Last Saturday, First things First hosted their first Solar Fair in the Centre of Excellence at Okanagan College.

Last Saturday, First things First hosted their first Solar Fair in the Centre of Excellence at Okanagan College.

The event was well attended, to be sure, but it felt a little bit like stepping back to the 60s or 70s, when farsighted activists were pushing wind and solar power generation as renewable, responsible alternatives to increasing reliance on oil.

The 2016 version of the solar fair had a big difference from those 50 years ago.

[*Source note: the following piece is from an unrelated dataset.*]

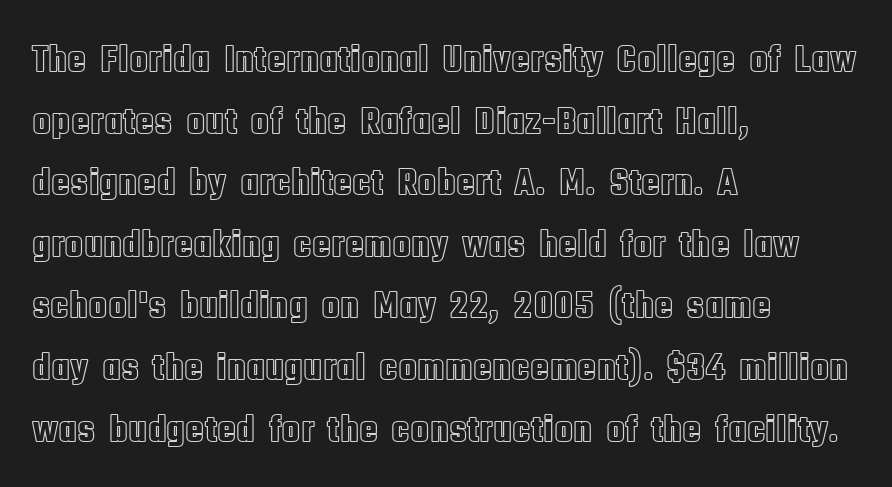
{"italic": "no", "width": "condensed", "x_height": "large", "monospaced": "no", "underline": "no", "align": "left", "line_spacing": "normal", "line_spacing_ratio": 1.58, "letter_spacing": "normal", "letter_spacing_em": 0.0, "glyph_px": 39}

This time, the people behind the displays are professionals, suits and all, marketing mature, workable technologies to homeowners serious about lowering their energy costs and consumption.

Solar power is still a long ways from being an everyday technology, but nowadays, that has more to do with marketing and acceptance than it not living up to the promises made by those early, hopeful advocates.

The idea of powering a large building like the South Okanagan Events Centre through wind and solar power may still be years away, but it is no longer the fantasy that it once might have been dismissed as.

We don’t often talk about a looming oil crisis as we did 40 years ago, when it was projected the world would run through its carbon fuel resources by the end of the century, but  despite new, better and more efficient methods of extracting oil from the ground, tar sands or deep in the Arctic Ocean, it’s going to run out one day. Or at least, become too expensive to be used as an everyday fuel for our cars or what have you.

Hopefully, long before the world does completely run out of those carbon-based fuels, we will recognize that there are alternatives — wind, solar, geothermal and more — that make more sense than burning up a finite resource.